▶ [YOUR INSTRUCTIONS]:
Images are not part of the copy; transcribe all the data exactly.

SOURCE DATA section start

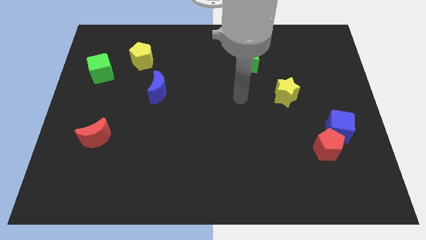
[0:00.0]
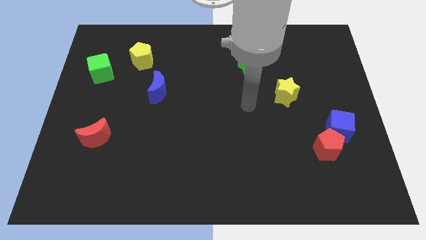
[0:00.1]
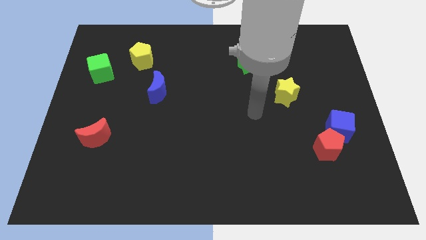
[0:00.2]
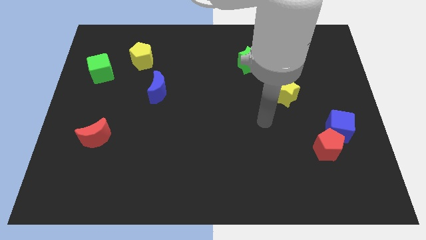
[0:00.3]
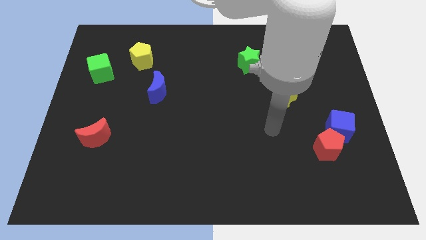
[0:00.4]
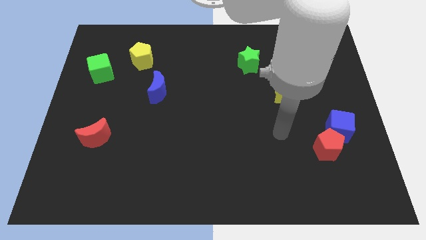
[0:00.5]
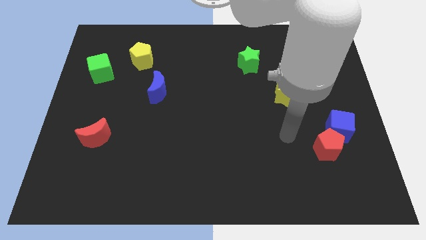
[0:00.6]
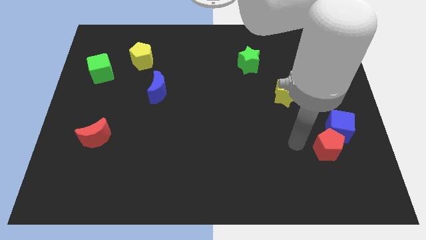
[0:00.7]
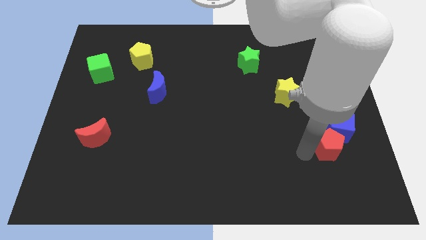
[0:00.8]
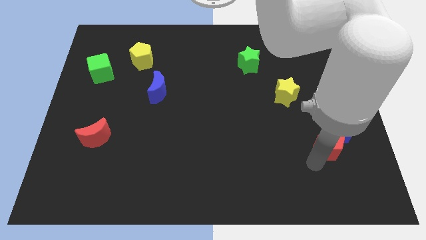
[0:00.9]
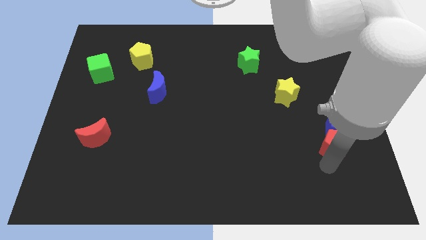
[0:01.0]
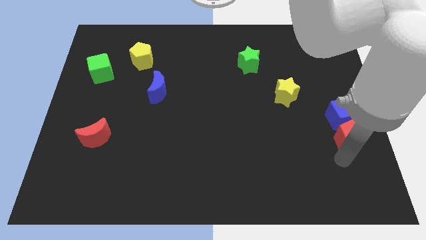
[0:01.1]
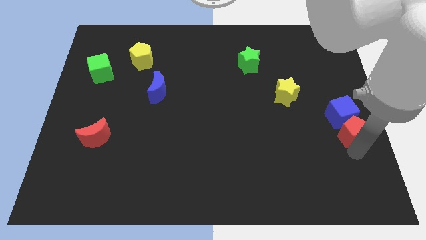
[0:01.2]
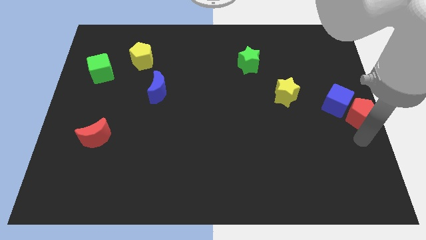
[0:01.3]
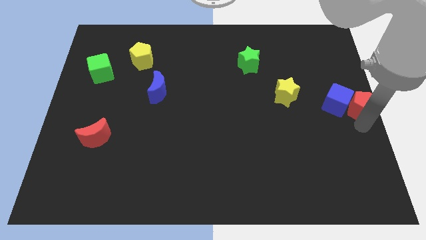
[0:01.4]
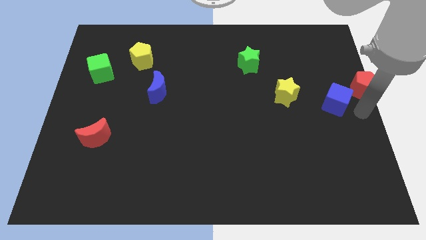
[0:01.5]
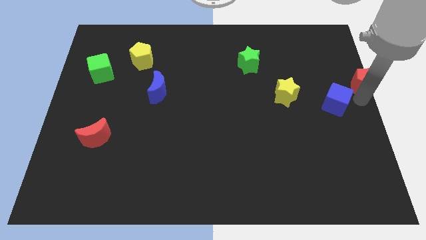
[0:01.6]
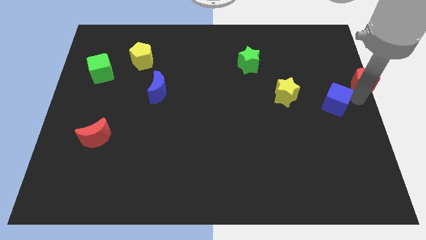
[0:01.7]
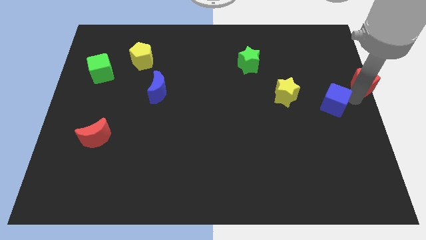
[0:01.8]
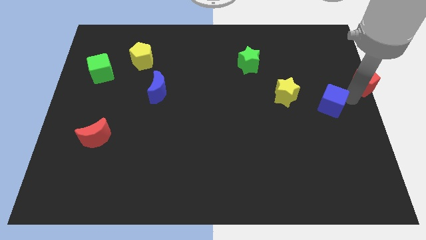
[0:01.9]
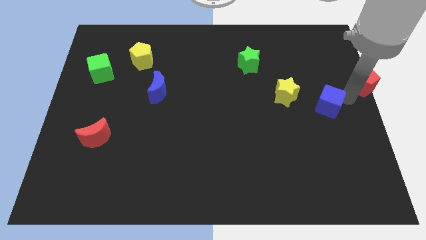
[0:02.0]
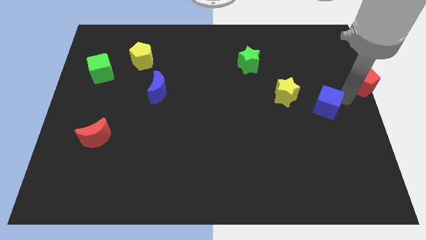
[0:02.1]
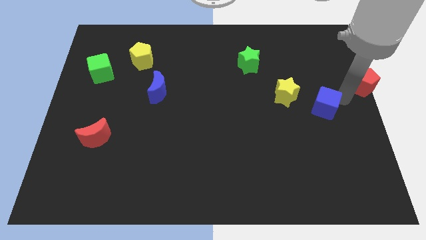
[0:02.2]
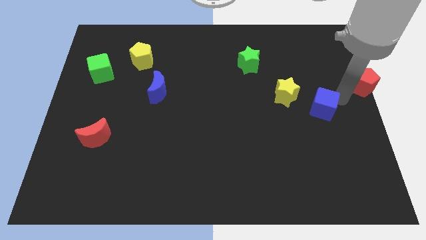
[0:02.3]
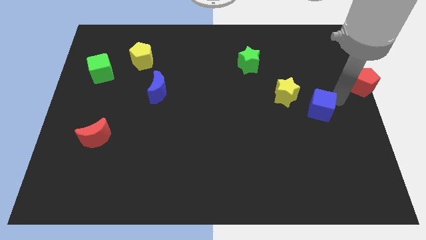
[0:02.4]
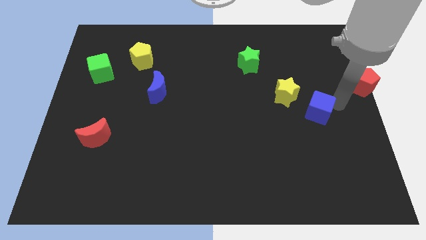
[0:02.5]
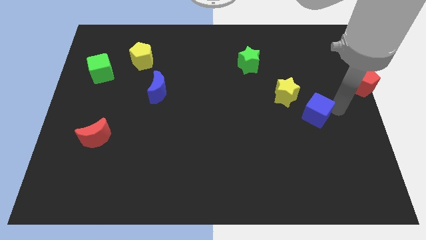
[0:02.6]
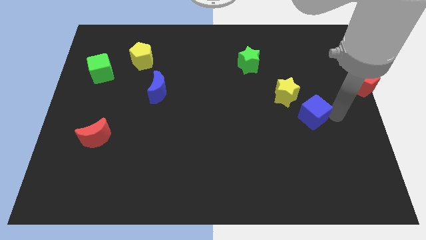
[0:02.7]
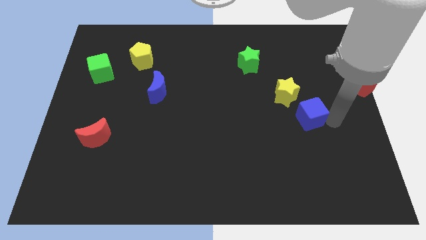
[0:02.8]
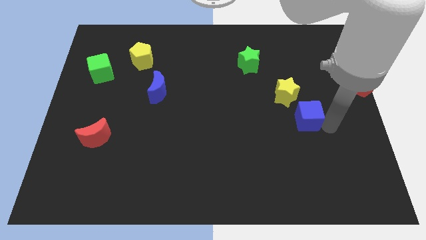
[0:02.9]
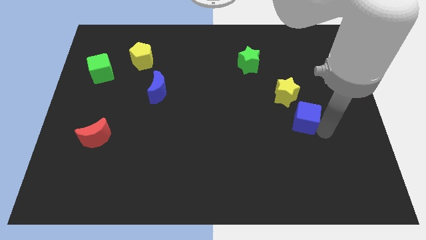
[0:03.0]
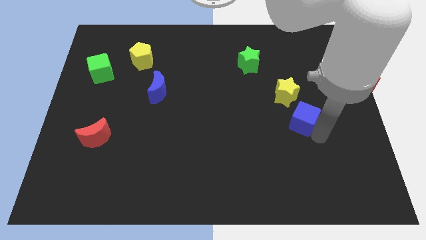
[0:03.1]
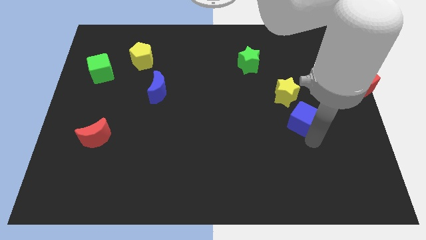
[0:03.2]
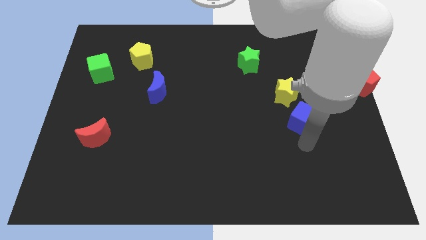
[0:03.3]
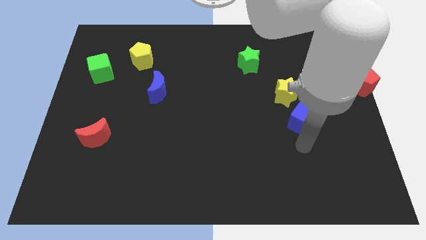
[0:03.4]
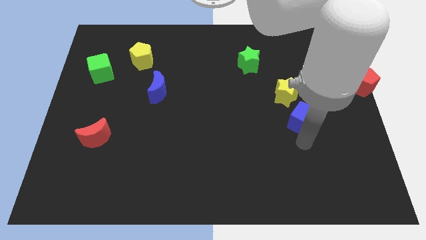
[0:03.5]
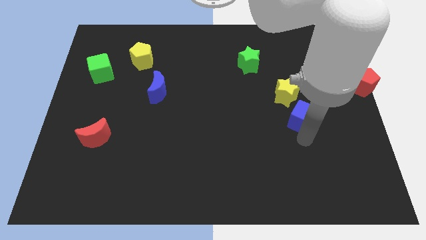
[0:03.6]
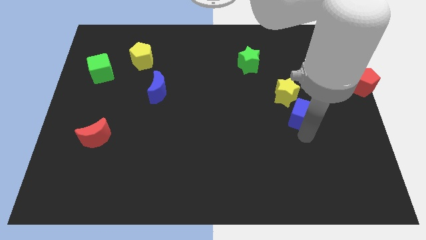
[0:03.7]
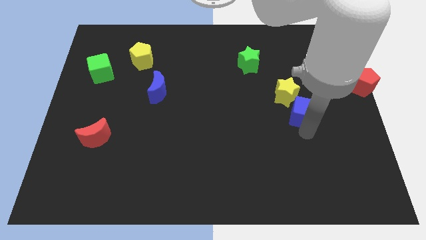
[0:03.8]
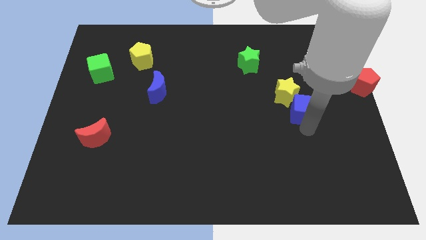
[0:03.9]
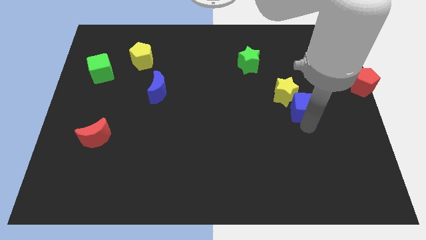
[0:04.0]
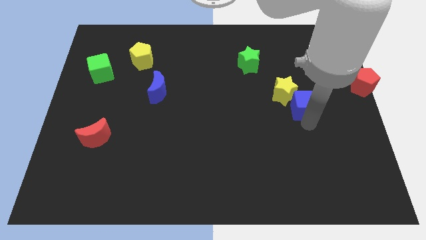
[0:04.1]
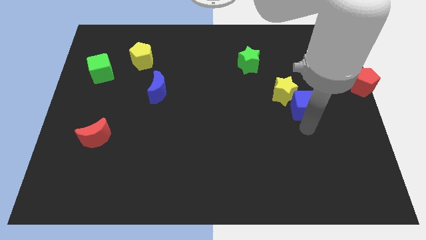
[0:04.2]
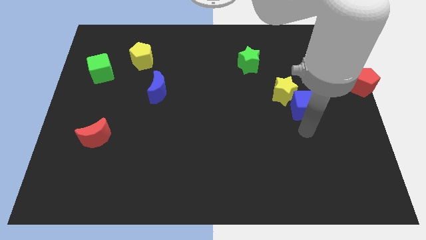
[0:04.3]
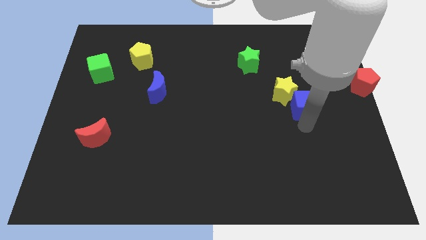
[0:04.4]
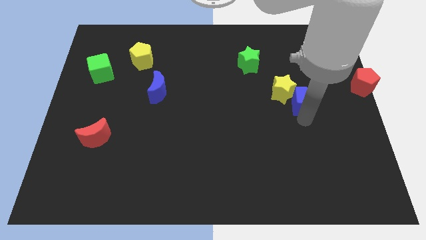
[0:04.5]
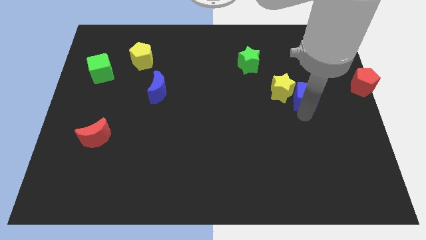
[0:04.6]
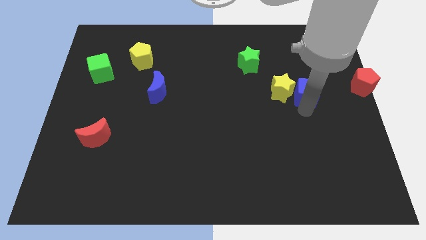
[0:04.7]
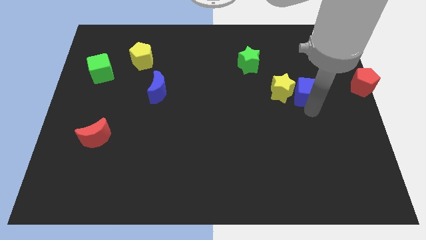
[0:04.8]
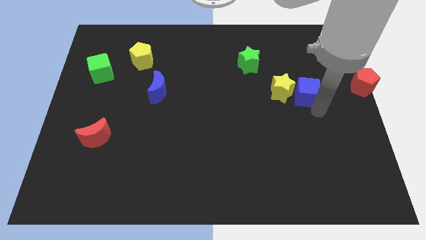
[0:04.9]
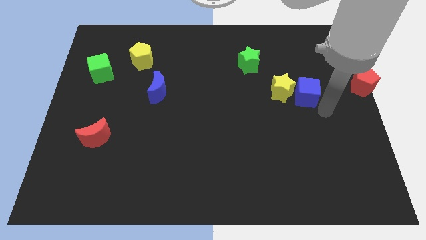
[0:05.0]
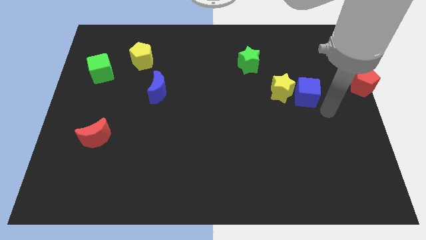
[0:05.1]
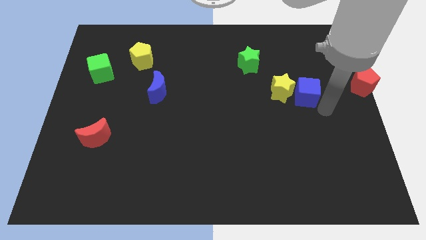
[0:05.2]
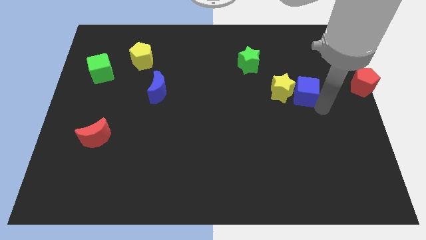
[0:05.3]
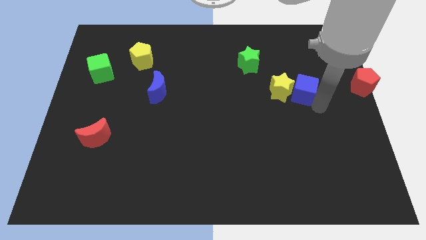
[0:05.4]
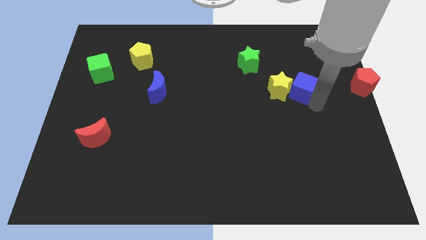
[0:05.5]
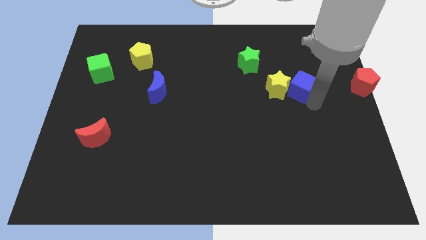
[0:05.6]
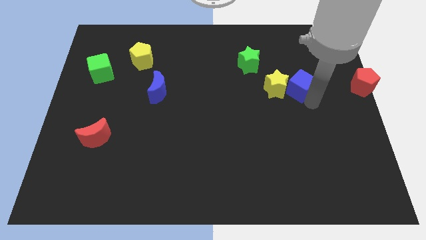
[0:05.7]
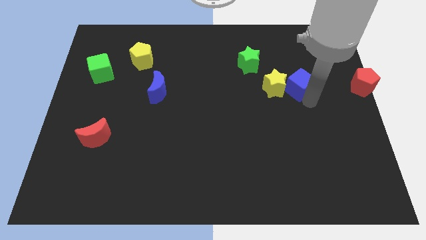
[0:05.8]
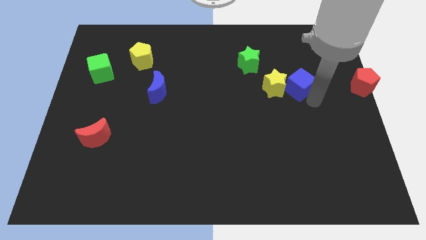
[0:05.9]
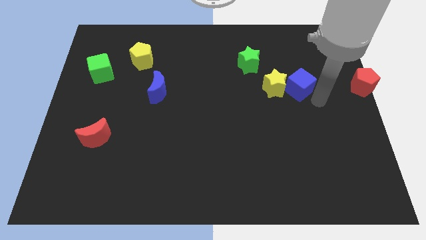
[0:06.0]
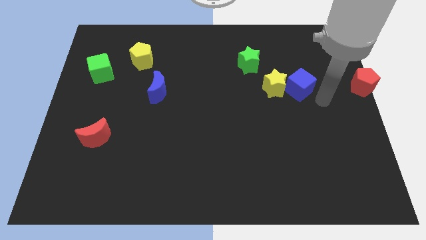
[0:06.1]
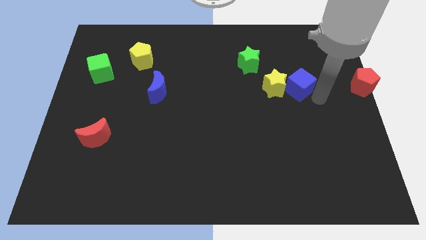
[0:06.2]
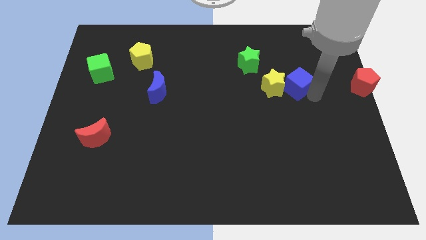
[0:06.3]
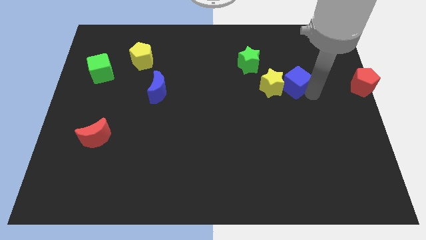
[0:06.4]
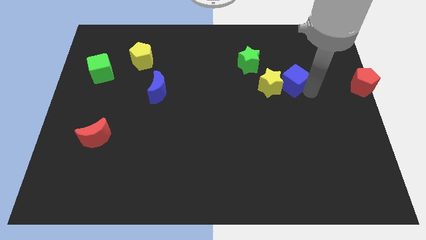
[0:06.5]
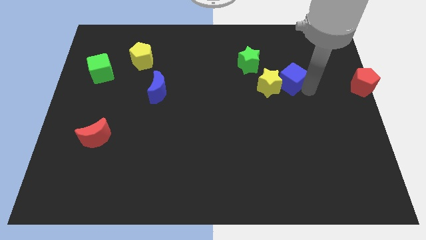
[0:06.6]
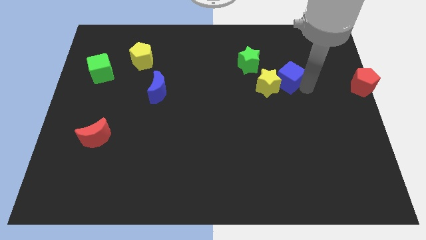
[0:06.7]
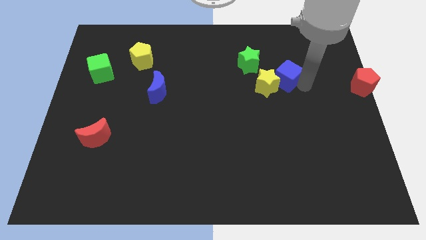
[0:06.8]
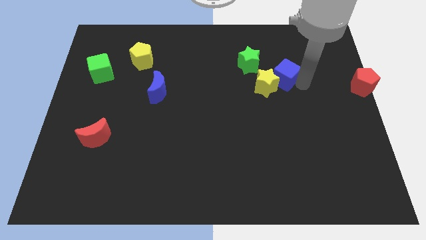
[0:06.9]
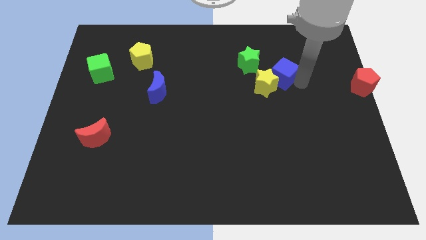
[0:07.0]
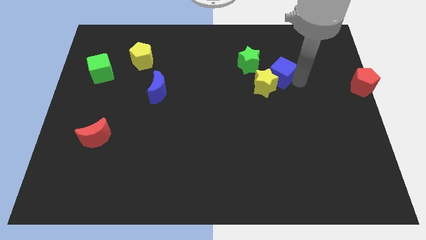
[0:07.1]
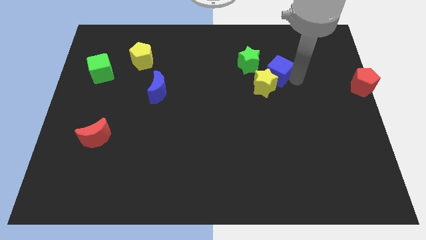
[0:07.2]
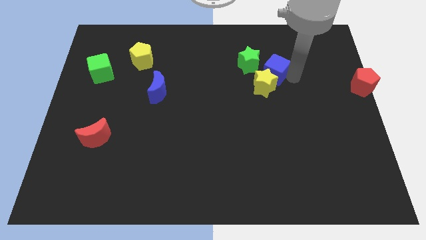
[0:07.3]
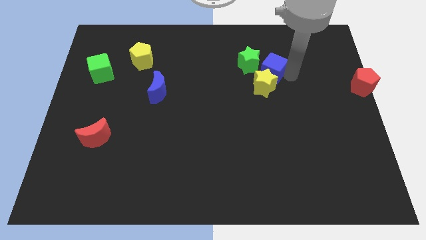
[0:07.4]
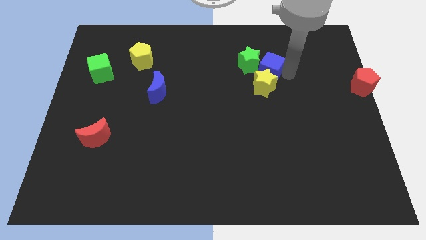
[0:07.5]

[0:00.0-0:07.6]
slide the blue cube towards the green star

SOURCE DATA section end

▶ [RESPONSE FOR THIS EXERCISE]:
[0:00.0]
[0:00.1]
[0:00.2]
[0:00.3]
[0:00.4]
[0:00.5]
[0:00.6]
[0:00.7]
[0:00.8]
[0:00.9]
[0:01.0]
[0:01.1]
[0:01.2]
[0:01.3]
[0:01.4]
[0:01.5]
[0:01.6]
[0:01.7]
[0:01.8]
[0:01.9]
[0:02.0]
[0:02.1]
[0:02.2]
[0:02.3]
[0:02.4]
[0:02.5]
[0:02.6]
[0:02.7]
[0:02.8]
[0:02.9]
[0:03.0]
[0:03.1]
[0:03.2]
[0:03.3]
[0:03.4]
[0:03.5]
[0:03.6]
[0:03.7]
[0:03.8]
[0:03.9]
[0:04.0]
[0:04.1]
[0:04.2]
[0:04.3]
[0:04.4]
[0:04.5]
[0:04.6]
[0:04.7]
[0:04.8]
[0:04.9]
[0:05.0]
[0:05.1]
[0:05.2]
[0:05.3]
[0:05.4]
[0:05.5]
[0:05.6]
[0:05.7]
[0:05.8]
[0:05.9]
[0:06.0]
[0:06.1]
[0:06.2]
[0:06.3]
[0:06.4]
[0:06.5]
[0:06.6]
[0:06.7]
[0:06.8]
[0:06.9]
[0:07.0]
[0:07.1]
[0:07.2]
[0:07.3]
[0:07.4]
[0:07.5]

[0:00.0-0:07.6]
slide the blue cube towards the green star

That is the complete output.